Phosphatidylinositol-3-kinase (PI3K) is a central mediator of all receptor tyrosine kinase-initiated signaling cascades, catalyzing the conversion of phosphatidylinositol (4,5)-biphosphate (PIP-2) into phosphatidylinositol (3,4,5)-triphosphate (PIP-3). One major effector of PI3K is the AKT kinase, which is activated upon PIP-3-mediated membrane recruitment and, in turn, phosphorylates an ever-growing list of target proteins, regulating key processes such as proliferation, survival, cell size, and mRNA translation (Figure 1). This process is counteracted by the PTEN tumor suppressor, which opposes PI3K activity by dephosphorylating PIP-3 to PIP-2. Heterozygous mutation of PTEN causes Cowden disease, a dominant genetic syndrome whose characteristics include an increased risk for developing breast, endometrial and thyroid cancer. Somatic deletions or mutations of PTEN have been identified in a large fraction (12-60%) of tumors, placing PTEN among the most commonly mutated genes in human cancer.

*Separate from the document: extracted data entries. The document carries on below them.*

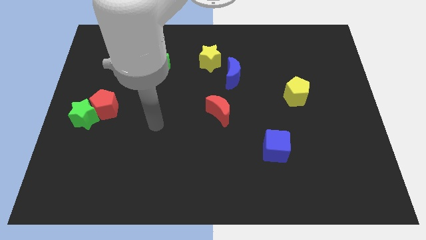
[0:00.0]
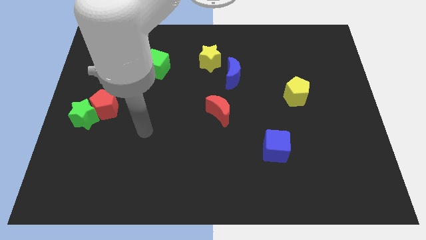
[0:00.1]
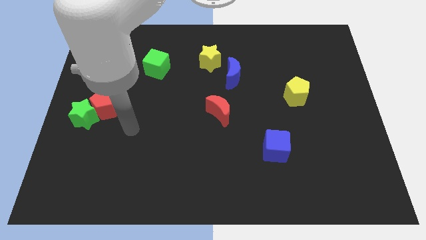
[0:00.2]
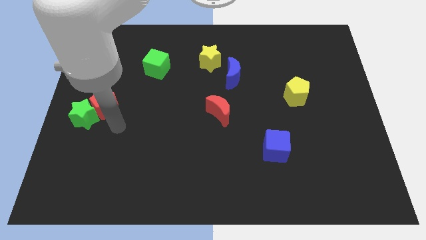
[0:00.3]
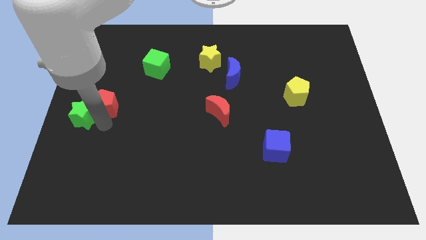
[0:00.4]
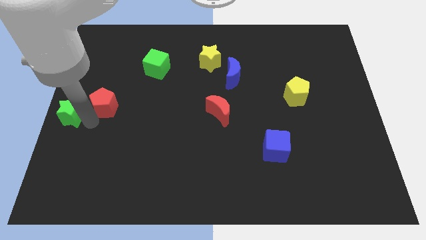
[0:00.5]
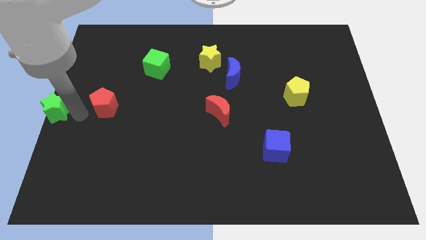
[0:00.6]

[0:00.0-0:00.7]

Our laboratory utilizes genetically engineered mice as model systems to dissect the genetic and biochemical events consequent to loss of PTEN that lead to the transition from normal to hyperplastic and neoplastic epithelium, in particular in the endometrium and the thyroid.
We have recently shown that loss of Pten in the mouse endometrium activates Akt, and results in increased phosphorylation of estrogen receptor alpha (ERa) on serine 167. ERa phosphorylation results, in turn, in the activation of this nuclear receptor both in vivo and in vitro, even in the absence of ligand, and in its increased ability to activate the transcription of several of its target genes. In fact, loss of Pten and activation of Akt result in vivo in a considerable increase in the mRNA levels of several estrogen target genes, suggesting that Akt-mediated phosphorylation of ERa can significantly enhance the receptor activity, and thus contribute to the initiation of the neoplastic process.
To gain insights into the role PTEN plays in thyroid function and disease, we have generated a mouse strain in which Cre-mediated recombination is utilized to specifically delete Pten in the thyrocytes. We found that Pten mutant mice develop diffuse goiter characterized by a significant increase in the thyrocyte proliferative index, which is more prominent in the female mice, and in increased cell density in the female thyroid glands. In addition, we have demonstrated that a large part of TSH-induced proliferation signals are funneled through the PI3K/AKT cascade. Although complete loss of Pten is not sufficient to cause invasive tumors, over two thirds of the mutant females develop follicular adenomas by 10 months of age, demonstrating that loss of Pten renders the thyroid highly susceptible to neoplastic transformation through mechanisms that include increased thyrocyte proliferation. Our findings show that constitutive activation of the PI3K/AKT cascade is sufficient to stimulate continuous autonomous growth, and provide novel clues to the pathogenesis of Cowden Disease and sporadic nontoxic goiter.